*** Opening of Task data ***

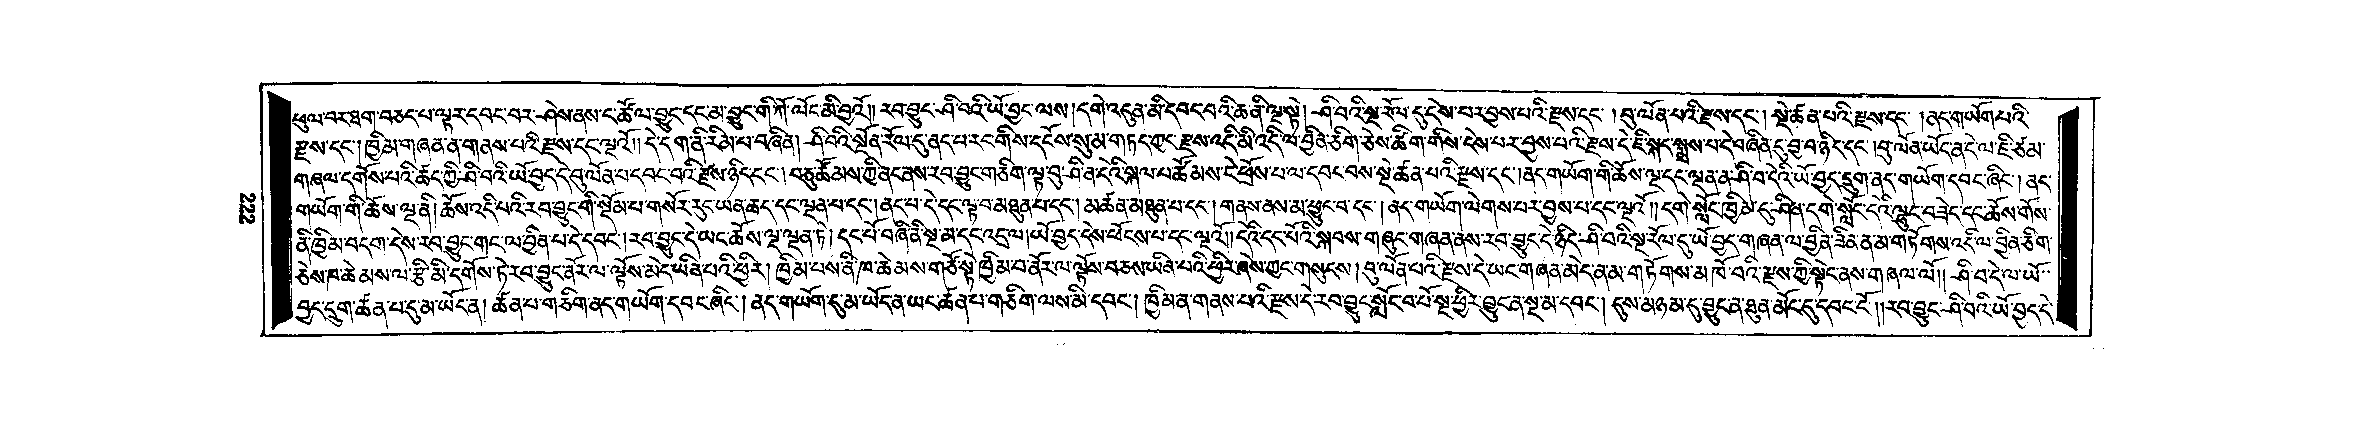ཕུལ་བར་ཐག་བཅད་པ་ལྟར་དབང་བར་ཤེས་ནས་ང་ཚོ་ལ་བྱུང་དང་མ་བྱུང་གི་ཀོ་ལོང་མི་བྱའོ། །རབ་བྱུང་ཤི་བའི་ཡོ་བྱང་ལས། དགེ་འདུན་མི་དབང་བའི་ཆ་ནི་ལྔ་སྟེ། ཤི་བའི་སྔ་རོལ་དུ་ངེས་པར་བྱས་པའི་རྫས་དང་། བུ་ལོན་པའི་རྫས་དང་། སྡེ་ཚན་པའི་རྫས་དང་། ནད་གཡོག་པའི་
རྫས་དང་། ཁྱིམ་གཞན་ན་གནས་པའི་རྫས་དང་ལྔའོ། །དེ་དག་ནི་རིམ་པ་བཞིན། ཤི་བའི་སྔོན་རོལ་དུ་ནད་པ་རང་གིས་དངོས་སུ་མ་གཏད་ཀྱང་རྫས་འདི་མི་འདི་ལ་བྱིན་ཅིག་ཅེས་ཚིག་གིས་ངེས་པར་བྱས་པའི་རྫས་དེ་ཇི་སྐད་སྨྲས་པ་དེ་བཞིན་དུ་བྱ་བ་ཉིད་དང་། བུ་ལོན་ཡོད་ན་དེ་ལ་ཇི་ཙམ་
གཞལ་དགོས་པའི་ཚད་ཀྱི་ཤི་བའི་ཡོ་བྱད་དེ་བུ་ལོན་པ་དབང་བའི་རྫས་ཉིད་དང་། བཅུ་ཚོམས་ཀྱི་ནང་ནས་རབ་བྱུང་གཅིག་ལྟ་བུ་ཤི་ན་དེའི་སྐལ་པ་ཚོམས་ངེ་ཕྲོས་པ་ལ་དབང་བས་སྡེ་ཚན་པའི་རྫས་དང་། ནད་གཡོག་གི་ཆོས་ལྔ་དང་ལྡན་ན་ཤི་བ་དེའི་ཡོ་བྱད་དྲུག་ནད་གཡོག་དབང་ཞིང་། ནད་
གཡོག་གི་ཆོས་ལྔ་ནི། ཆོས་འདི་པའི་རབ་བྱུང་གི་སྡོམ་པ་གསོར་རུང་ཡན་ཆད་དང་ལྡན་པ་དང་། ནད་པ་དེ་དང་ལྟ་བ་མཐུན་པ་དང་། མཚན་མཐུན་པ་དང་། གནས་ནས་མ་ཕྱུང་བ་དང་། ནད་གཡོག་ལེགས་པར་བྱས་པ་དང་ལྔའོ། །དགེ་སློང་ཁྱིམ་དུ་ཤིན་དགེ་སློང་དེའི་ལྷུང་བཟེད་དང་ཆོས་གོས་
ནི་ཁྱིམ་བདག་དེས་རབ་བྱུང་གང་ལ་བྱིན་པ་དེ་དབང་། རབ་བྱུང་དེ་ཡང་ཆོས་ལྔ་ལྡན་ཏེ། དང་པོ་བཞི་ནི་སྔ་མ་དང་འདྲ་ལ། ཡོ་བྱད་དེས་ཕོངས་པ་དང་། ལྔའོ། །དེའི་དང་པོའི་སྐབས་གཞུང་གཞན་ནས་རབ་བྱུང་དེ་ཉིད་ཤི་བའི་སྔ་རོལ་དུ་ཡོ་བྱད་གཞན་ལ་བྱིན་ཟིན་ན་མ་གཏོགས་འདི་ལ་བྱིན་ཅིག་
ཅེས་ཁ་ཆེམས་ལ་རྩི་མི་དགོས་ཏེ་རབ་བྱུང་ནོར་ལ་ལྟོས་མེད་ཡིན་པའི་ཕྱིར། ཁྱིམ་པས་ནི་ཁ་ཆེམས་གཙོ་སྟེ་ཁྱིམ་བ་ནོར་ལ་ལྟོས་བཅས་ཡིན་པའི་ཕྱིར་ཞེས་ཀྱང་གསུངས། བུ་ལོན་པའི་རྫས་དེ་ཡང་གཞན་མེད་ན་མ་གཏོགས་མཁོ་བའི་རྫས་ཀྱི་སྟེང་ནས་གཞལ་ལོ། །ཤི་བ་དེ་ལ་ཡོ་
བྱད་དྲུག་ཚན་པ་དུ་མ་ཡོད་ན། ཚན་པ་གཅིག་ནད་གཡོག་དབང་ཞིང་། ནད་གཡོག་དུ་མ་ཡོད་ན་ཡང་ཚན་པ་གཅིག་ལས་མི་དབང་། ཁྱིམ་ན་གནས་པའི་རྫས་དེ་རབ་བྱུང་སློང་བ་པོ་སྔ་ཕྱིར་བྱུང་ན་སྔ་མ་དབང་། དུས་མཉམ་དུ་བྱུང་ན་ཐུན་མོང་དུ་དབང་ངོ། །རབ་བྱུང་ཤི་བའི་ཡོ་བྱད་དེ་
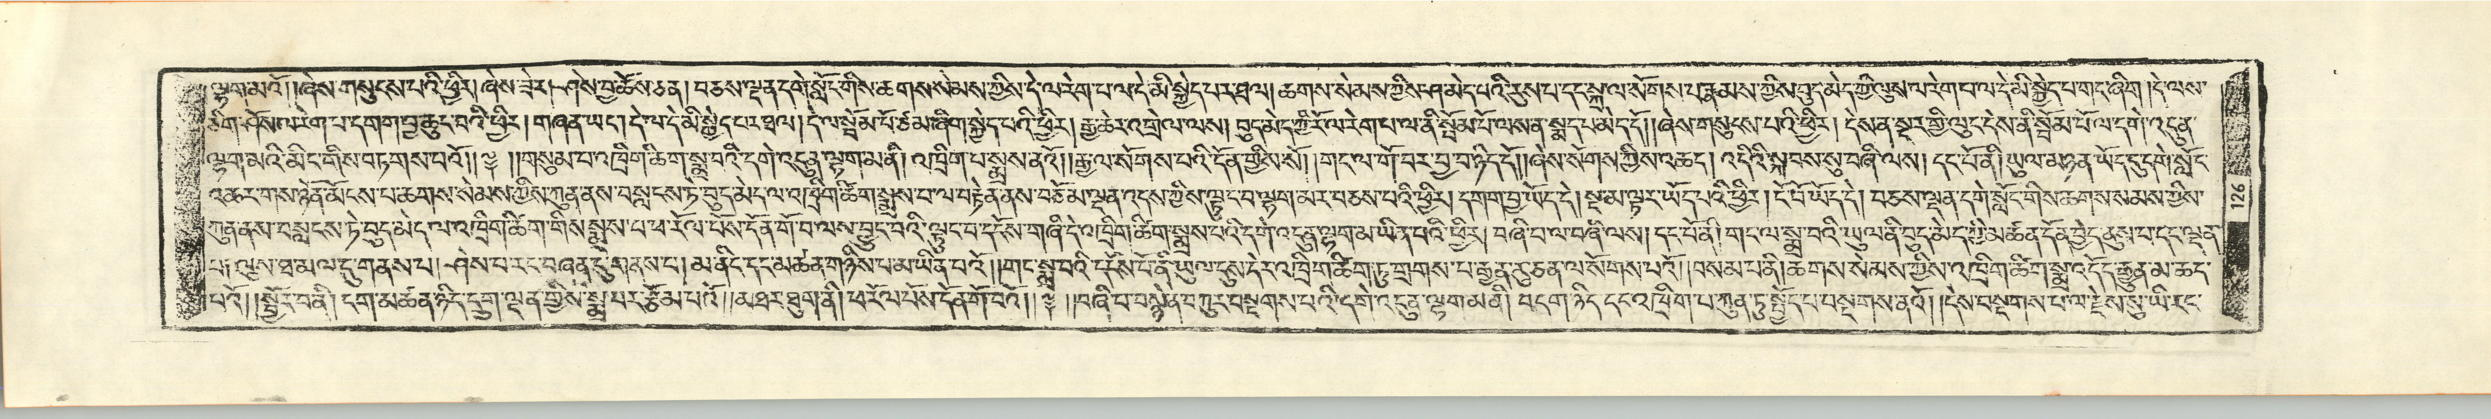ལྷག་མའོ། །ཞེས་གསུངས་པའི་ཕྱིར། ཞེས་ཟེར། ཤེས་བྱ་ཆོས་ཅན། བཅས་ལྡན་དགེ་སློང་གིས་ཆགས་སེམས་ཀྱིས་དེ་ལ་རེག་པ་ལ་དེ་མི་སྐྱེད་པར་ཐལ། ཆགས་སེམས་ཀྱིས་ཤ་མེད་པའི་རུས་པ་དང་སྐྲ་ལ་སོགས་པ་རྣམས་ཀྱིས་བུད་མེད་ཀྱི་ལུས་ལ་རེག་པ་ལ་དེ་མི་སྐྱེད་པ་གང་ཞིག །དེ་ལས་
ཅིག་ཤོས་ལ་རེག་པ་དགག་བྱ་ཆུང་བའི་ཕྱིར། གཞན་ཡང་། དེ་ལ་དེ་མི་སྐྱེད་པར་ཐལ། དེ་ལ་སྦོམ་པོ་ཙམ་ཞིག་སྐྱེད་པའི་ཕྱིར། རྒྱ་ཆེར་འགྲེལ་ལས། བུད་མེད་ཀྱི་རོ་ལ་རེག་པ་ལ་ནི་སྦོམ་པོ་ལས་ན་སྨད་པ་མེད་དོ། །ཞེས་གསུངས་པའི་ཕྱིར། དེས་ན་སྔར་གྱི་ལུང་དེས་ནི་སྦོམ་པོ་ལ་དགེ་འདུན་
ལྷག་མའི་མིང་གིས་བཏགས་པའོ།།༈།།གསུམ་པ་འཁྲིག་ཆིག་སྨྲ་བའི་དགེ་འདུན་ལྷག་མ་ནི། འཁྲིག་པ་སྨྲས་ནའོ། །རྒྱ་ལ་སོགས་པའི་དོན་གྱིས་སོ། །གང་ལ་གོ་བར་བྱ་བ་ཉིད་དོ། །ཞེས་སོགས་ཀྱིས་འཆད། འདིའི་སྐབས་སུ་བཞི་ལས། དང་པོ་ནི། ཡུལ་མཉན་ཡོད་དུ་དགེ་སློང་
འཆར་གས་ཉོན་མོངས་པ་ཆགས་སེམས་ཀྱིས་ཀུན་ནས་བསླངས་ཏེ་བུད་མེད་ལ་འཁྲིག་ཚིག་སྨྲས་པ་ལ་བརྟེན་ནས་བཅོམ་ལྡན་འདས་ཀྱིས་ལྟུང་བ་ལྷག་མར་བཅས་པའི་ཕྱིར། དགག་བྱ་ཡོད་དེ། སྔ་མ་ལྟར་ཡོད་པའི་ཕྱིར། ངོ་བོ་ཡོད་དེ། བཅས་ལྡན་དགེ་སློང་གིས་ཆགས་སེམས་ཀྱིས་
ཀུན་ནས་བསླངས་ཏེ་བུད་མེད་ལ་འཁྲིག་ཚིག་གིས་སྨྲས་པ་ཕ་རོལ་པོས་དོན་གོ་བ་ལས་བྱུང་བའི་ལྟུང་བ་དངོས་གཞི་དེ་འཁྲིག་ཚིག་སྨྲས་པའི་དགེ་འདུན་ལྷག་མ་ཡིན་པའི་ཕྱིར། བཞི་པ་ལ་བཞི་ལས། དང་པོ་ནི། གང་ལ་སྨྲ་བའི་ཡུལ་ནི་བུད་མེད་ཀྱི་མཚན་དོན་བྱེད་ནུས་པ་དང་ལྡན་
པ༑ ལུས་ཐ་མལ་དུ་གནས་པ། ཤེས་པ་རང་བཞན་དུ་གནས་པ། མ་ནིང་དང་མཚན་གཉིས་པ་མ་ཡིན་པའོ། །གང་སྨྲ་བའི་དངོས་པོ་ནི་ཡུལ་དུས་དེར་འཁྲིག་ཚིག་ཏུ་གྲགས་པ་རྒྱན་ནུ་ཅན་ལ་སོགས་པའོ། །བསམ་པ་ནི། ཆགས་སེམས་ཀྱིས་འཁྲིག་ཚིག་སྨྲ་འདོད་རྒྱུན་མ་ཆད་
པའོ། །སྦྱོར་བ་ནི། ངག་མཚན་ཉིད་དྲུག་ལྡན་གྱིས་སྨྲ་པར་རྩོམ་པའོ། །མཐར་ཐུག་ནི། ཕ་རོལ་པོས་དོན་གོ་བའོ།།༈།།བཞི་པ་བསྙེན་བཀུར་བསྔགས་པའི་དགེ་འདུན་ལྷག་མ་ནི། བདག་ཉིད་དང་འཁྲིག་པ་ཀུན་ཏུ་སྤྱོད་པ་བསྔགས་ནའོ། །དེས་བསྔགས་པ་ལ་རྗེས་སུ་ཡི་རང་
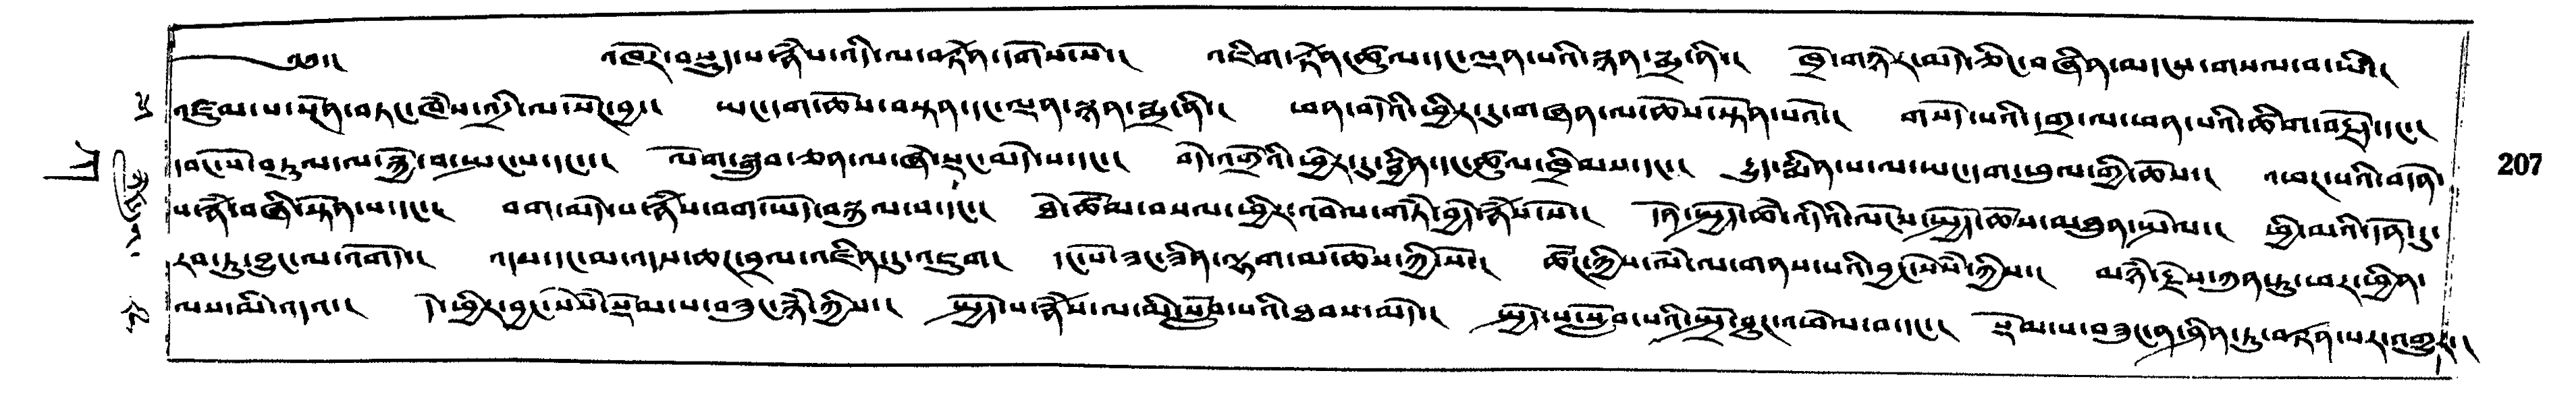།འཁོར་བསྡུད་པ་རྣམས་འདི་ལ་བརྟེན་དགོས་སོ། །འཇིག་རྟེན་ཚུལ་དང་ལྡན་པའི་སྙན་སྨྲ་ནི། ཁྲོ་གཉེར་མེད་ཅིང་བཞིན་མདངས་གསལ་བ་ཡི། །
འཛུམ་པ་སྔོན་བཏང་ཁམས་འདྲི་ལ་སོགས་བྱ། །ཡང་དག་ཆོས་བསྟན་དང་ལྡན་སྙན་སྨྲ་ནི། །ཕན་བདེའི་ཕྱིར་དུ་གཞན་ལ་ཆོས་སྟོན་པའོ། །གསོད་པའི་དགྲ་ལ་ཕན་པའི་ཚིག་བརྗོད་དང་། །
དབང་པོ་བཏུལ་ལ་སྐྱོ་བ་སྤང་པ་དང་། །ལོག་སྒྲུབ་ཅན་ལ་ཞེ་སྡང་མེད་པ་དང་། །བདེ་འགྲོའི་ཕྱིར་དུ་སྦྱིན་དང་ཚུལ་ཁྲིམས་དང་། །རྒྱུད་སྨིན་པ་ལ་ཡང་དག་ཕུལ་གྱི་ཆོས། །འཕགས་པའི་བདེན་
པ་རྣམ་བཞི་སྟོན་པ་དང་། །བག་མེད་པ་རྣམས་བག་ཡོད་བསྐུལ་བ་དང་། །ཐེ་ཚོམ་བསལ་ཕྱིར་འབེལ་གཏམ་བྱེད་རྣམས་སོ། །དོན་སྤྱོད་ཚེ་འདིའི་ལོངས་སྤྱོད་ཆོས་མཐུན་སྤེལ། །ཕྱི་མའི་དོན་དུ་
རབ་ཏུ་བྱུང་ལ་འགོད། །འདས་དང་མ་འདས་ཆགས་བྲལ་འཛིན་དུ་འཇུག།དང་པོ་ཟང་ཟིང་ལྷག་མ་ཆོས་ཀྱི་སོ། །ཚོགས་ཀྱིས་ལམ་ལ་གནས་པའི་བྱང་སེམས་ཀྱིས། །མཉམ་རྗེས་ཀུན་ཏུ་ཕར་ཕྱིན་
ལས་མི་འདའ། །དེ་ཕྱིར་བྱང་སེམས་སྡོམ་པ་བཟུང་སྙམ་གྱིས། །སྤྱོད་པ་རྣམས་ལ་མི་སློབ་པའི་ཐབས་མེད། །སྤྱོད་པ་སློབ་པའི་སྤྲོ་ཤུགས་འཕེལ་བ་དང་། །སྡོམ་པ་བཟུང་ན་ཤིན་ཏུ་བརྟན་པར་འགྱུར།
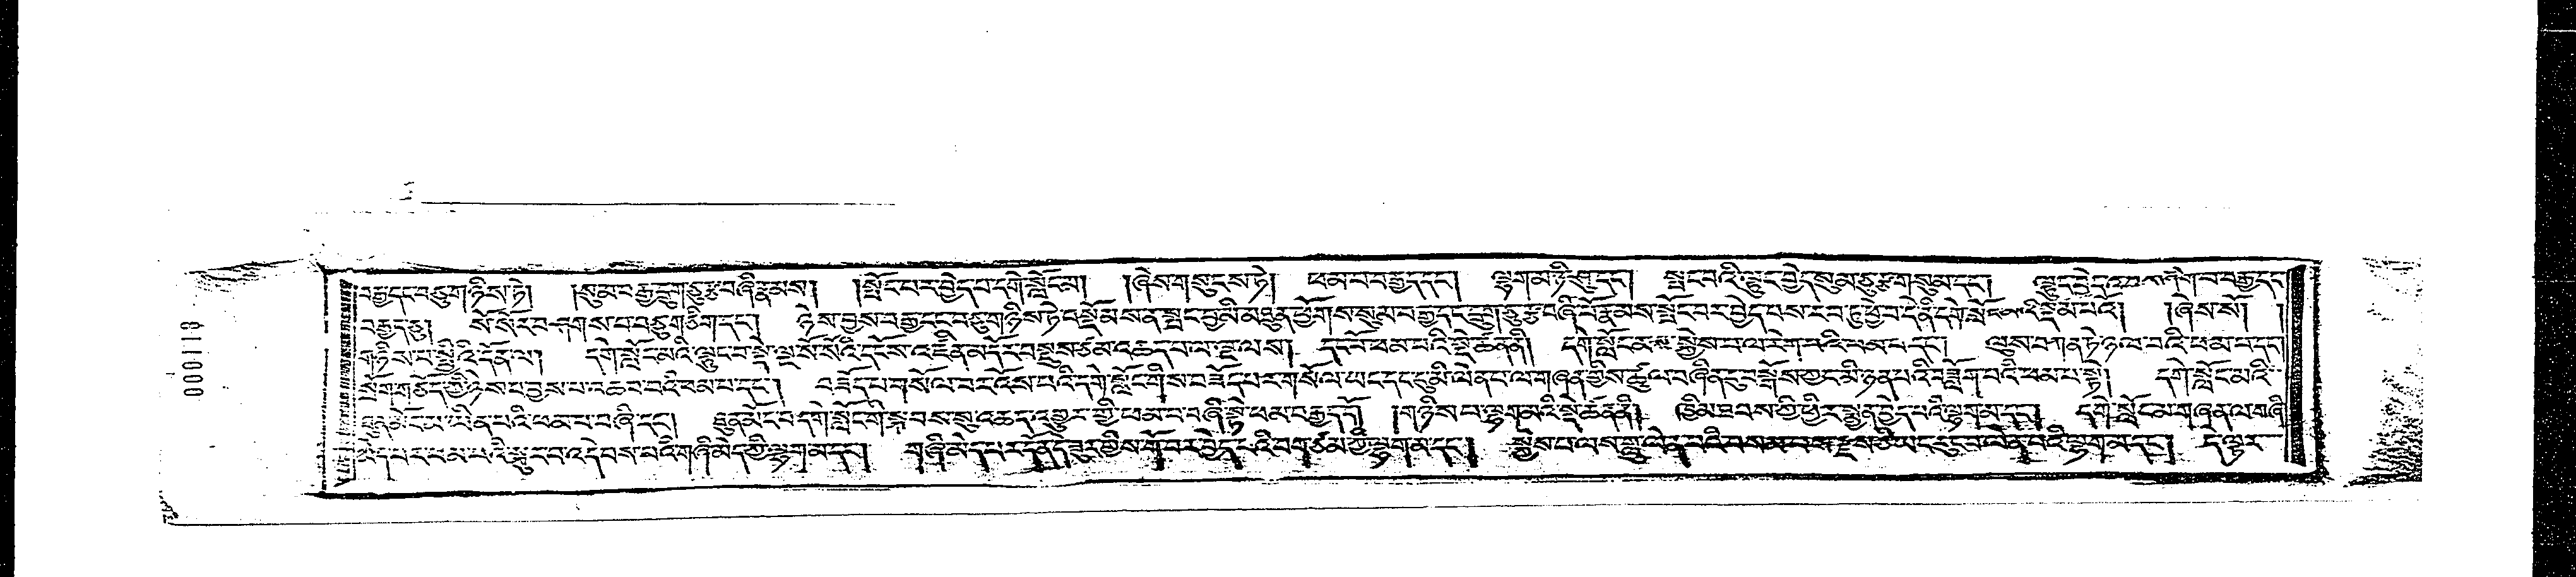བརྒྱ་དང་བཅུ་གཉིས་ཏེ། །སུམ་བརྒྱ་དྲུག་ཅུ་རྩ་བཞི་རྣམས། །སྤོང་བར་བྱེད་པ་དགེ་སློང་མ། །ཞེས་གསུངས་ཏེ། ཕམ་པ་བརྒྱད་དང་། ལྷག་མ་ཉི་ཤུ་དང་། སྤང་བའི་ལྟུང་བྱེད་སུམ་ཅུ་རྩ་གསུམ་དང་། ལྟུང་བྱེད་འབའ་ཞིག་བ་བརྒྱ་དང་
བརྒྱད་ཅུ། སོ་སོར་བཤགས་པ་བཅུ་གཅིག་དང་། ཉེས་བྱས་བརྒྱ་དང་བཅུ་གཉིས་ཏེ་བསྡོམས་ན་སྤང་བྱ་མི་མཐུན་ཕྱོགས་སུམ་བརྒྱ་དང་དྲུག་ཅུ་རྩ་བཞི་པོ་རྣམས་སྤོང་བར་བྱེད་པས་རབ་ཏུ་ཕྱེ་བ་དེ་ནི་དགེ་སློང་མའི་སྡོམ་པའོ། །ཞེས་སོ། །
གཉིས་པ་སྤྱིའི་དོན་ལ། དགེ་སློང་མའི་ལྟུང་བ་སྡེ་ལྔ་སོ་སོའི་དངོས་འཛིན་མདོར་བསྡུས་ཙམ་འཆད་པ་ལ་ལྔ་ལས། དང་པོ་ཕམ་པའི་སྡེ་ཚན་ནི། དགེ་སློང་མས་སྐྱེས་བ་ལ་རེག་པའི་ཕམ་པ་དང་། ལུས་བཀན་ཏེ་ཉལ་བའི་ཕམ་པ་དང་།
སྲོག་གཅོད་ཀྱི་ཉེས་པ་བྱས་པ་འཆབ་བའི་ཕམ་པ་དང་། བཟོད་པ་གསོལ་བར་འོས་པའི་དགེ་སློང་གིས་བཟོད་པར་གསོལ་ཡང་དང་དུ་མི་ལེན་པ་ལ་གཞན་གྱིས་ཚུལ་བཞིན་དུ་བསྒོས་ཀྱང་མི་ཉན་པའི་བཟློག་པའི་ཕམ་པ་སྟེ། དགེ་སློང་མའི་
ཐུན་མོང་མ་ཡིན་པའི་ཕམ་པ་བཞི་དང་། ཐུན་མོང་བ་དགེ་སློང་གི་སྐབས་སུ་འཆད་འགྱུར་གྱི་ཕམ་པ་བཞི་སྟེ་ཕམ་བརྒྱད་དོ། །གཉིས་པ་ལྷག་མའི་སྡེ་ཚན་ནི། ཁྱིམ་ཐབས་ཀྱི་ཕྱིར་སྨྱན་བྱེད་པའི་ལྷག་མ་དང་། དགེ་སློང་མ་གཞན་ལ་གཞི་
མེད་པར་ཕམ་པའི་སྐུར་བ་འདེབས་པའི་གཞི་མེད་ཀྱི་ལྷག་མ་དང་། གཞི་མེད་པར་དོན་དེ་ཟུར་གྱིས་གོ་བར་བྱེད་པའི་བག་ཙམ་ཀྱི་ལྷག་མ་དང་། སྐྱེས་པ་ལས་གླུ་ལེན་པའི་བསམ་པས་རྫས་ཅི་ཡང་རུང་བ་ལེན་པའི་ལྷག་མ་དང་། དེ་ལྟར་

*** Close of Task data ***

— The problem —
Retype the records above, but only those lines that fall between the line containing "པ༑ ལུས་ཐ་མལ་དུ་གནས་པ། ཤེས་པ་རང་བཞན་དུ་གནས་པ།" and the line containing "པའོ། །སྦྱོར་བ་ནི། ངག་མཚན་ཉིད་དྲུག་ལྡན་གྱིས་སྨྲ་པར་རྩོམ་པའོ།", with both of those lines included, exactly as written.

— Task solution —
པ༑ ལུས་ཐ་མལ་དུ་གནས་པ། ཤེས་པ་རང་བཞན་དུ་གནས་པ། མ་ནིང་དང་མཚན་གཉིས་པ་མ་ཡིན་པའོ། །གང་སྨྲ་བའི་དངོས་པོ་ནི་ཡུལ་དུས་དེར་འཁྲིག་ཚིག་ཏུ་གྲགས་པ་རྒྱན་ནུ་ཅན་ལ་སོགས་པའོ། །བསམ་པ་ནི། ཆགས་སེམས་ཀྱིས་འཁྲིག་ཚིག་སྨྲ་འདོད་རྒྱུན་མ་ཆད་
པའོ། །སྦྱོར་བ་ནི། ངག་མཚན་ཉིད་དྲུག་ལྡན་གྱིས་སྨྲ་པར་རྩོམ་པའོ། །མཐར་ཐུག་ནི། ཕ་རོལ་པོས་དོན་གོ་བའོ།།༈།།བཞི་པ་བསྙེན་བཀུར་བསྔགས་པའི་དགེ་འདུན་ལྷག་མ་ནི། བདག་ཉིད་དང་འཁྲིག་པ་ཀུན་ཏུ་སྤྱོད་པ་བསྔགས་ནའོ། །དེས་བསྔགས་པ་ལ་རྗེས་སུ་ཡི་རང་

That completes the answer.